Песня оборвалась. Хоровод замер на месте. Девы как по команде обернулись на голос, их дотоле безмятежные лица исказились гневом и страхом. А в раскрытых ладонях каждой вспыхнуло по боевому огненному шару!
Но им ли, прелестницам, было тягаться с наемниками Кансалонской гильдии? И половины необходимой для удара силы они не успели вложить в свое оружие, а Меридит уже подскочила к ближайшей, вцепилась, рванула… Один профессионально ловкий взмах меча, и… Копна чудесных золотистых волос осталась в руках дисы. Лишь жалкий косой обрубок украшал теперь голову бедной морганы!
Если бы с нее сняли скальп или снесли голову целиком, визгу вышло бы меньше. Девы кричали тонкими, истошными голосами, будто раненые птицы. Они были в ужасе.
— Ну, — Меридит воинственно потрясала мечом, — кто следующая?!
Желающих не нашлось. Девы готовы были рисковать самой жизнью, но только не красотой!
Одна за другой прыгали они в огонь, тонули, растворялись в розовом сиянии и исчезали бесследно — уходили через портал.
Меридит победно, как боевое знамя, подняла над головой пучок трофейных волос.
— Видали? Здорово я их разогнала?!
— Превосходно! Потрясающе! Ты настоящий специалист по морганам! — наперебой расхваливали оба принца, колдун, демон и эльф. Они были просто счастливы, что не пришлось вступать с боевые действия с дамами.
— Дурное дело не хитрое! — еле слышно шипела сильфида, невольно поглаживая собственные рыжие космы.
Улль-Бриан тоже не спешил благодарить свою спасительницу.
— О дивный, о сказочный сон!

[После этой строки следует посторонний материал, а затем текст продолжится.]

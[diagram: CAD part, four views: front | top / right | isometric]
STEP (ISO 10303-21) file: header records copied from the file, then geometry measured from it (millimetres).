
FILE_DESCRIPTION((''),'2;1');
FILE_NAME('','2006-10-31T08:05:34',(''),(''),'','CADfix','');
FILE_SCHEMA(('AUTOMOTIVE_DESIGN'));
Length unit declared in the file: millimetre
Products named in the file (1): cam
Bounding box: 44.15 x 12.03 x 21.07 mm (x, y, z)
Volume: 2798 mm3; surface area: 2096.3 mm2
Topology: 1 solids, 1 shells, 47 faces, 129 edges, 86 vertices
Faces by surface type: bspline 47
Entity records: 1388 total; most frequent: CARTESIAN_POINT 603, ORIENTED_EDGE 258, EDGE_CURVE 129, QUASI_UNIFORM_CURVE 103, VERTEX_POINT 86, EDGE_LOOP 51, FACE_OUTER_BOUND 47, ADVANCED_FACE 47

Зачем, зачем вы разрушили его? Почему вы так жестоки?! — простонал он со слезами в голосе и простер руки к угасающему свету портала. — Вернитесь, молю вас!
— Опомнись, несчастный! Тебя дома ждет баба с малолетним дитем! — взревел Рагнар и отвесил кузену тяжелый подзатыльник. От удара тот отлетел на несколько шагов и рухнул на четвереньки.

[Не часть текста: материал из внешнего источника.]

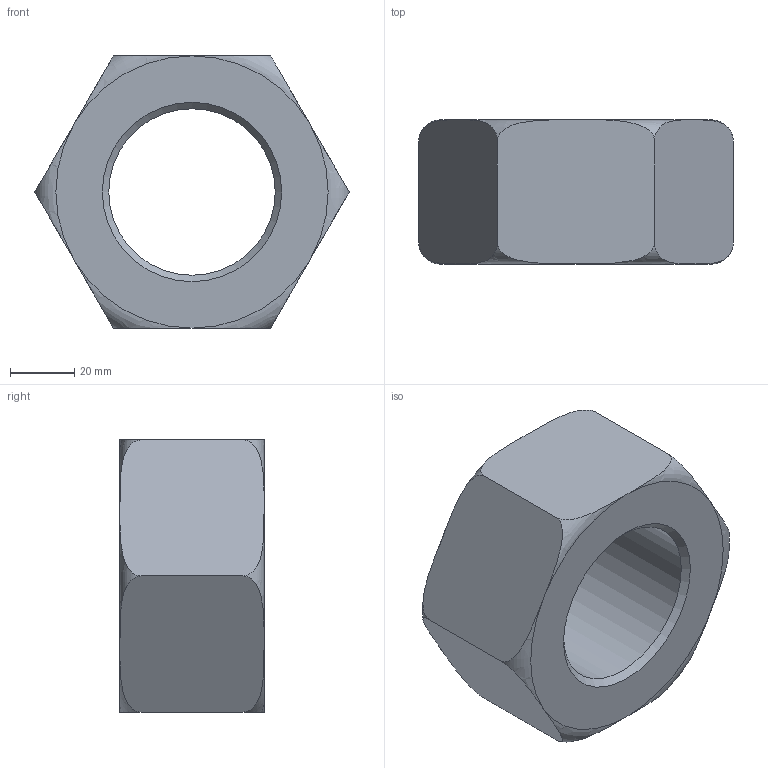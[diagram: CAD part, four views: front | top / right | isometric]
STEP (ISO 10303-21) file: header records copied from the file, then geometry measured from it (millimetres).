
FILE_DESCRIPTION (( 'STEP AP214' ), '1' );
FILE_NAME ('DIN 934 Nut M56x4.STEP', '2023-02-24T13:17:21', ( '' ), ( '' ), 'SwSTEP 2.0', 'SolidWorks 2020', '' );
FILE_SCHEMA (( 'AUTOMOTIVE_DESIGN' ));
Length unit declared in the file: millimetre
Products named in the file (1): DIN 934 Nut M56x4
Bounding box: 98.15 x 45 x 85 mm (x, y, z)
Volume: 184698.2 mm3; surface area: 28125.4 mm2
Topology: 1 solids, 1 shells, 23 faces, 59 edges, 38 vertices
Faces by surface type: torus 12, plane 8, cone 2, cylinder 1
Full cylindrical faces by diameter (mm): 52 x1
Entity records: 1359 total; most frequent: CARTESIAN_POINT 794, ORIENTED_EDGE 112, DIRECTION 96, EDGE_CURVE 56, AXIS2_PLACEMENT_3D 40, VERTEX_POINT 38, EDGE_LOOP 28, B_SPLINE_CURVE_WITH_KNOTS 24

— Полегче, идиот! — Энка бросилась на помощь своему любимцу. Подняла за шкирку, поставила на ноги и даже отряхнула снег с одежды. — У него сотрясение мозга будет!
— Трястись нечему! — Рагнар перенервничал и теперь был зол, как боевой дракон.

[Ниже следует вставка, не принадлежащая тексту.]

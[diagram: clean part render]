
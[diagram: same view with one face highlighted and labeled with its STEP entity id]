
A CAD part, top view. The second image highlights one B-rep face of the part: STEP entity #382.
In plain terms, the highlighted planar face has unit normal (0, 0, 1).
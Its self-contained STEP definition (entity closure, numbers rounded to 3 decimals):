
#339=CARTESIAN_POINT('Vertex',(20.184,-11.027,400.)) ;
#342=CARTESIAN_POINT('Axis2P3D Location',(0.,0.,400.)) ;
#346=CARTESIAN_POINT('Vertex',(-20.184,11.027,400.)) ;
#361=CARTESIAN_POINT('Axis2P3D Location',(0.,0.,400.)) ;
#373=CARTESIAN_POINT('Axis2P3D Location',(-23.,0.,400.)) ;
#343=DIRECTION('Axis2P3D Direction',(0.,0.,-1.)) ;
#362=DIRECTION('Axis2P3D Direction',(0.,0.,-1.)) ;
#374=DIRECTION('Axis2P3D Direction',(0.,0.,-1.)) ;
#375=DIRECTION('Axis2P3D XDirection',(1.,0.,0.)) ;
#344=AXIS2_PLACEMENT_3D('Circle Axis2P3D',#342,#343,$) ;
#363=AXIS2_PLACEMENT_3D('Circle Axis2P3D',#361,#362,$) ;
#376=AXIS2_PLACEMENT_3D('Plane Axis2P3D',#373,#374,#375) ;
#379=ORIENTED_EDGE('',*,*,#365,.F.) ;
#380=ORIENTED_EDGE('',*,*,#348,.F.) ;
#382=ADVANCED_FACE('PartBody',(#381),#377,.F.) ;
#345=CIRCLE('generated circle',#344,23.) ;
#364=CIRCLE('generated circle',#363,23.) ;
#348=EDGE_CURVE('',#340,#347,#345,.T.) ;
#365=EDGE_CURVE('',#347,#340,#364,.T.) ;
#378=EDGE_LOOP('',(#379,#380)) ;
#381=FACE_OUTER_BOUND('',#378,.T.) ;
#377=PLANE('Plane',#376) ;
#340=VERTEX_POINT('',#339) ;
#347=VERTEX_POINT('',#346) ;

— А зачем морганы зачаровывают людей? Что они с ними потом делают? — Этот вопрос мучил Ильзу с детства. Но стоило задать его кому-нибудь из старших, ответ был неизменным: вырастешь — узнаешь. Вот и Аолен, услышав ее, залился стыдливым румянцем.
— Предаются плотским утехам! — охотно растолковала Меридит. — Набрасываются всей оравой и не отпускают, пока до смерти не уходят! Те, кто попал им в когти под утро, еще имеют шанс на спасение — на рассвете морганы исчезают. Но если мужика сцапали раньше — беда! Ни за что не выживет! Счастье, что мы подоспели прежде, чем до дела дошло.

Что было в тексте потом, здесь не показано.